On the surface, this evolution is a net positive for creators, as they can reach legions of fans at the push of a button. But it’s come at a price. While creators now have countless tools to build and access audiences, for the most part, they don’t own them.
Still asking for permission
Trading independence for influence may seem like a bargain, but as countless examples show, it leaves creators at the mercy of unforeseen policy changes, algorithm updates, fickle users, and shuttered networks. Without reason or warning, what you’ve built can vanish in an instant.
“The permissionless internet that we all celebrated has reached its limits,” says Hugo Amsellem, VP of Creator Accelerator at Jellysmack and former founder and angel investor. Web 3.0 promises a true permissionless future, with more control in the hands of creators. For now, creators with staying power are those who can protect their independence.

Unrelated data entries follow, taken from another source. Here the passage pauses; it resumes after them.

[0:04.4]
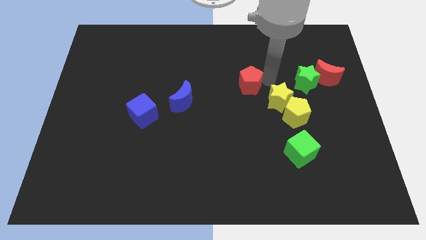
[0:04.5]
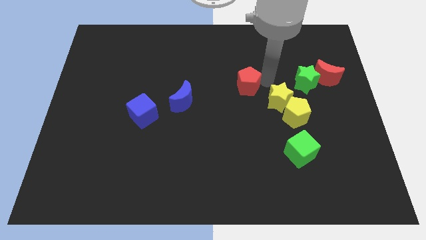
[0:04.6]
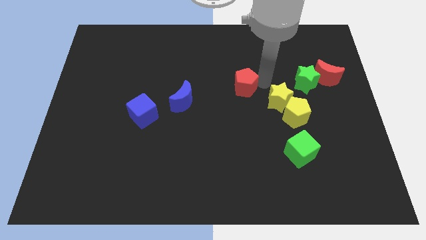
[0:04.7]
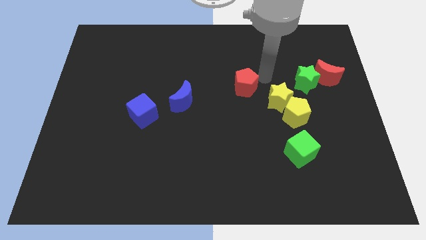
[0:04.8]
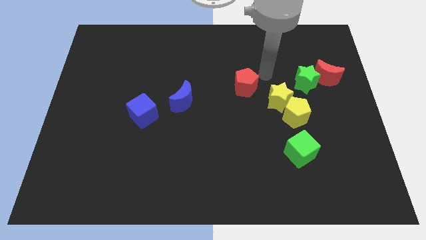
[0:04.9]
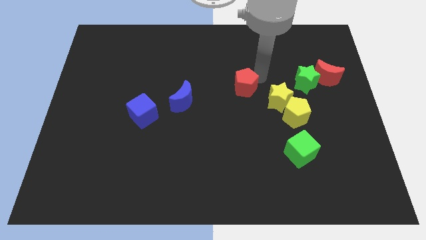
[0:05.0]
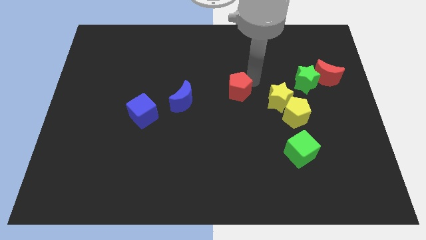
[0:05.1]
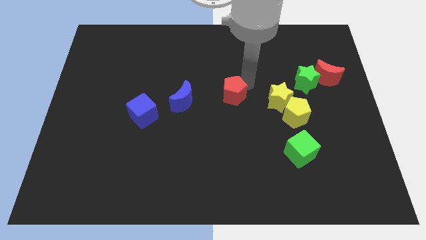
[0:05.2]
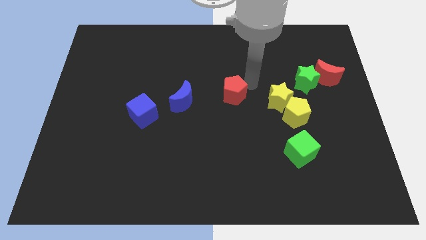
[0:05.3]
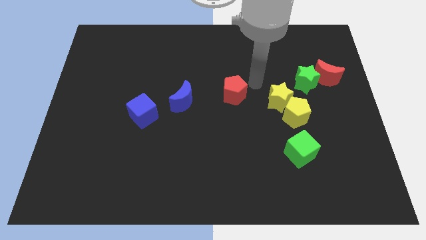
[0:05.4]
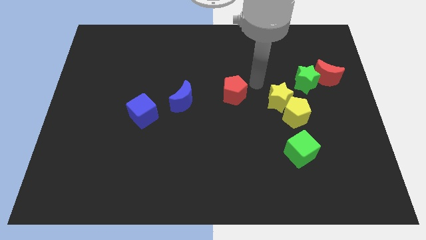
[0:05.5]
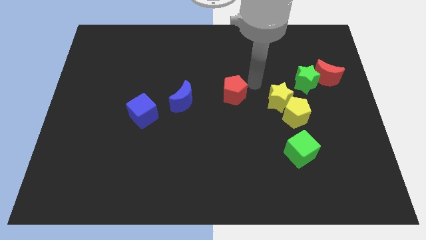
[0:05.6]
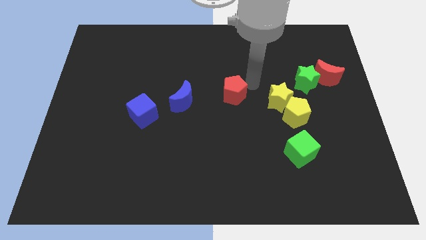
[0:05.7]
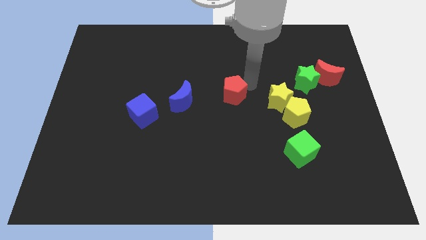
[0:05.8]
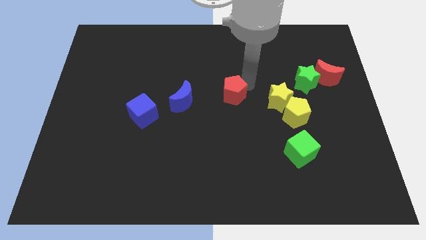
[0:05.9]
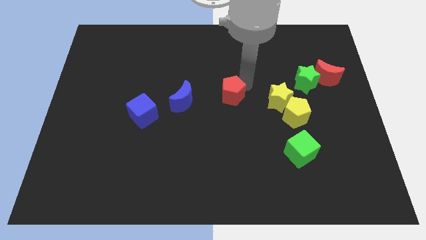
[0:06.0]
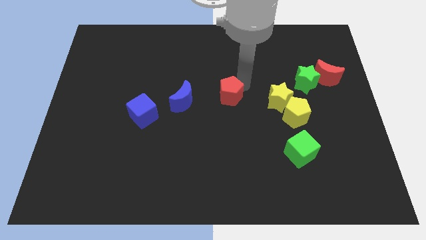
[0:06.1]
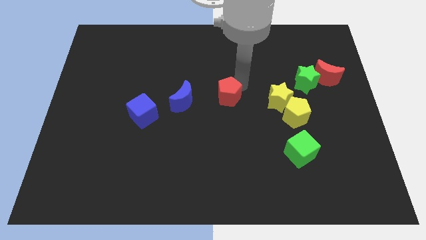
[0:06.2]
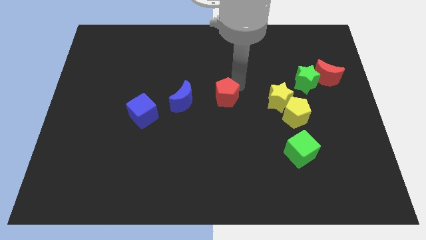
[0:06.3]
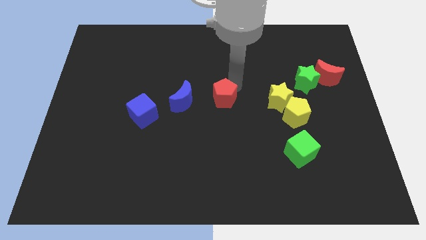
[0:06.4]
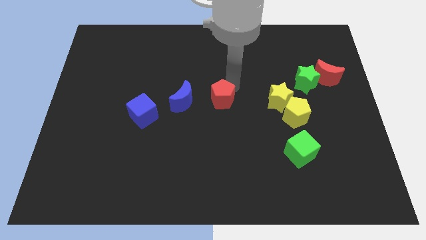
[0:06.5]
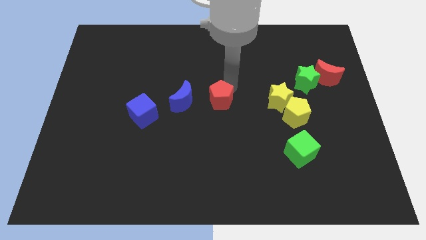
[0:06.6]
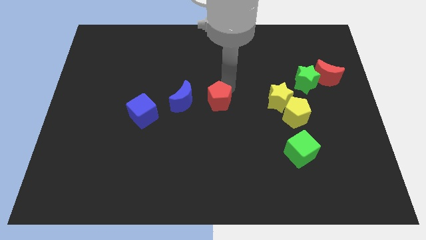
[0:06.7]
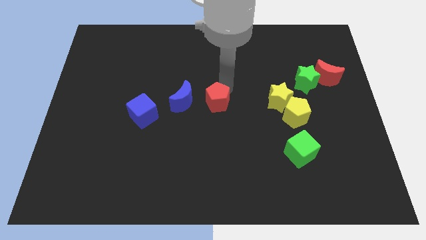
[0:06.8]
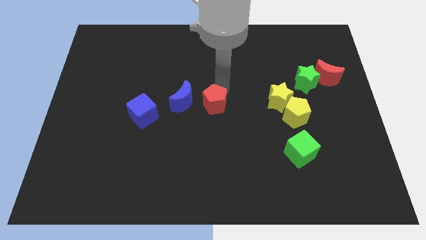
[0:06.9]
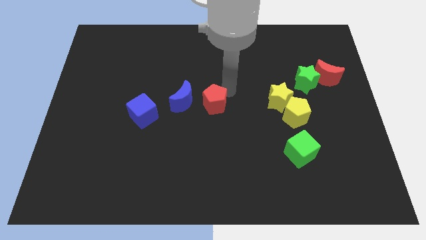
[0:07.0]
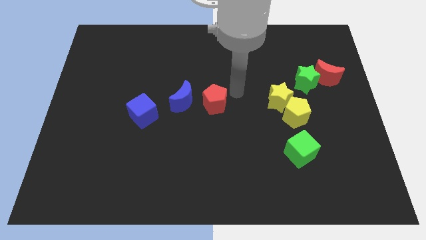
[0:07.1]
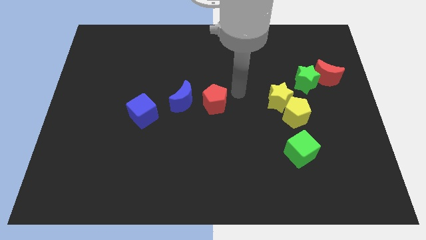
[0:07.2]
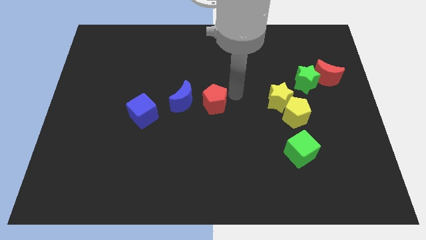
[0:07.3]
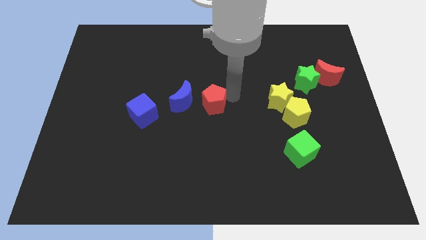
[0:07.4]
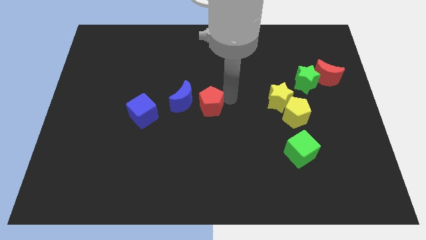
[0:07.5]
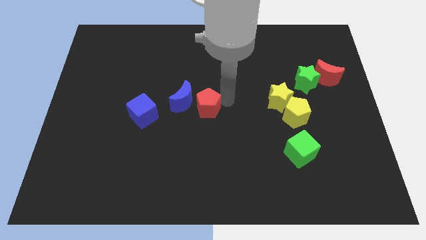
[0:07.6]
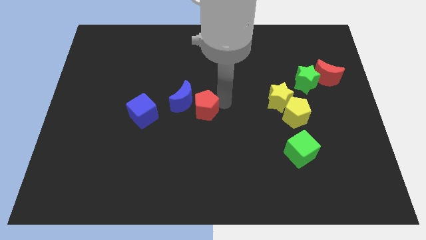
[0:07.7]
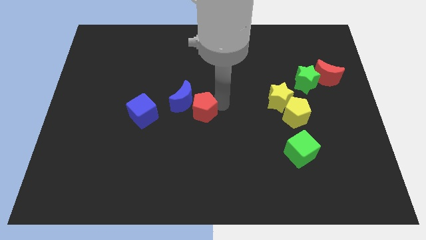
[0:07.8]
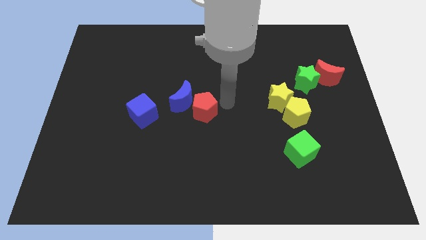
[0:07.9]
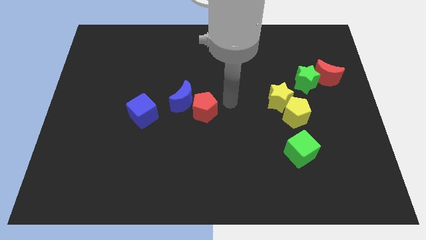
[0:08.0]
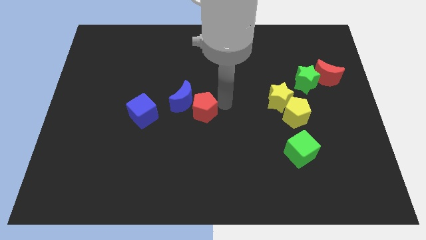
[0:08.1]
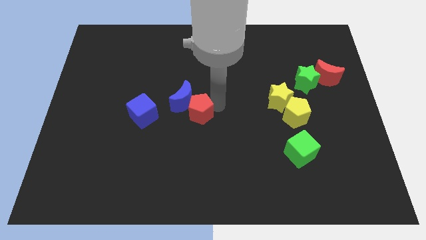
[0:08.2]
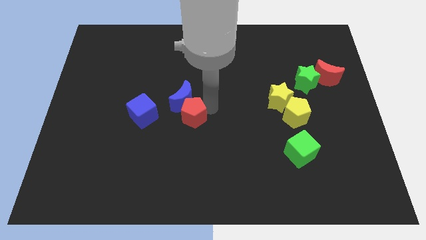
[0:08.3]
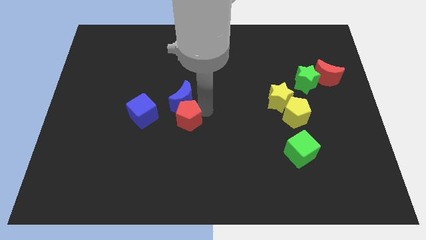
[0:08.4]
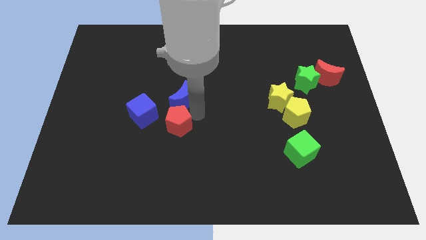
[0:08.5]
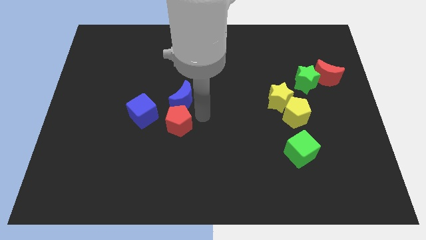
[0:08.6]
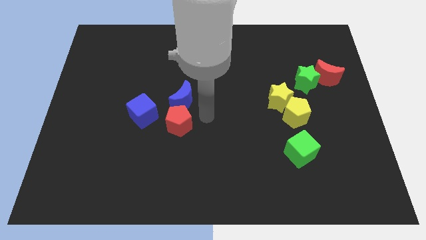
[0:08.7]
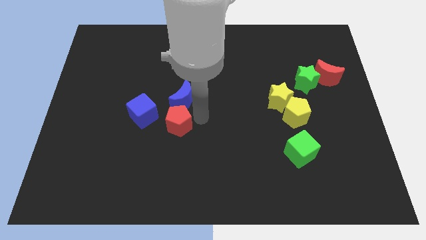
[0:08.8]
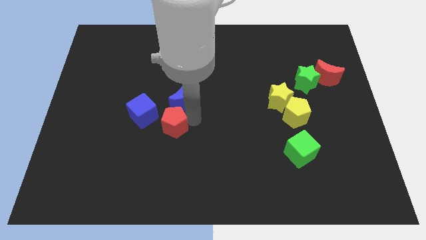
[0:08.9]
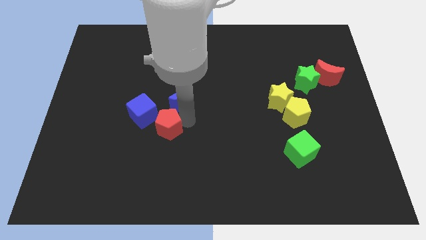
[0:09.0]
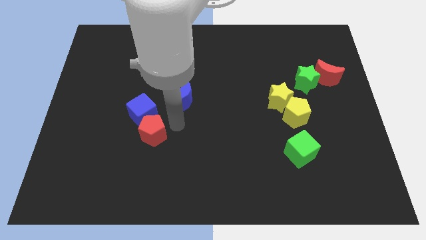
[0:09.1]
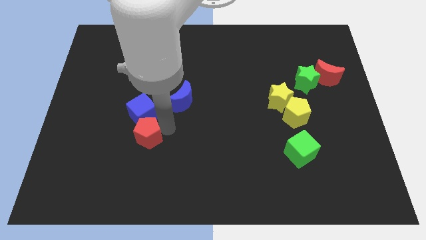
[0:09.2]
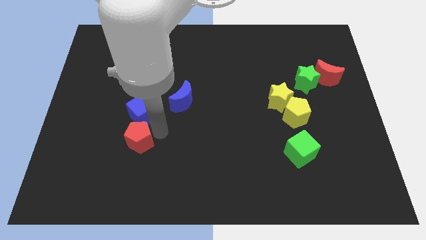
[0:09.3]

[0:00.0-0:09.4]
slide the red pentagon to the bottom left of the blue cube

So, how do creators retain what they’ve built? Ownership. Anchoring their brand to owned channels allows creators to build communities that are platform agnostic. And with lines between the creator economy and entrepreneurship blurring, these independent creators are having a moment.
The creator economy: A brief history
The phenomenon often called “the business of influence” has been growing for more than a decade, but its roots can be traced back even earlier. In the late 1990s, Web 2.0 ushered in an era of user-generated content and interactivity, and the rise of mobile contributed to always-on internet consumption. Blogging platforms came first, evolving from online diaries to one-person media machines, feeding these “extremely online” audiences.
“Real people” began to appear in major ad campaigns, replacing traditional celebrity endorsements, and the early signs of modern influencer marketing emerged.
The arrival of monetization options like ads and brand sponsorships allowed some to live on blogging alone, amassing audiences that rivaled major media publications. Huffington Post and BuzzFeed were some of the first to adopt the spirit of the blog as a formal media property. “Real people” began to appear in major ad campaigns, replacing traditional celebrity endorsements, and the early signs of modern influencer marketing emerged.
Reality TV accelerated the trend, catapulting the unknown into celebrity status overnight. And as YouTube launched to the public in 2005, aspiring stars no longer needed production deals to gain viewership. The next decade would welcome a wave of new social platforms and, in the past few years, creator incentives like YouTube Shorts. Progress happened slowly, and then all at once.
Today, an estimated 50 million creators, curators, and community builders make up the creator economy, including influencers, bloggers, social media personalities, comedians, activists, podcasters, videographers, artists, musicians, and athletes. They range from side hustlers to full-time entrepreneurs, micro-influencers to massive stars.
But that number is exponentially bigger if we consider the entire ecosystem. “People look at a very successful creator and don’t realize how many team members are behind them,” says creator Samir Chaudry, one half of the filmmaker duo Colin and Samir. These behind-the-scenes roles are key to helping creators transform personal brands into mature companies.
The future arrives early
While the pandemic’s impact on small businesses was severe—in many cases, it forced businesses to close, sometimes for good—a surprising trend saw business formation rise in the US in mid-2020 that’s continued into this year. Entrepreneurial spirit rose as many out-of-work creatives sought alternative, independent sources of income.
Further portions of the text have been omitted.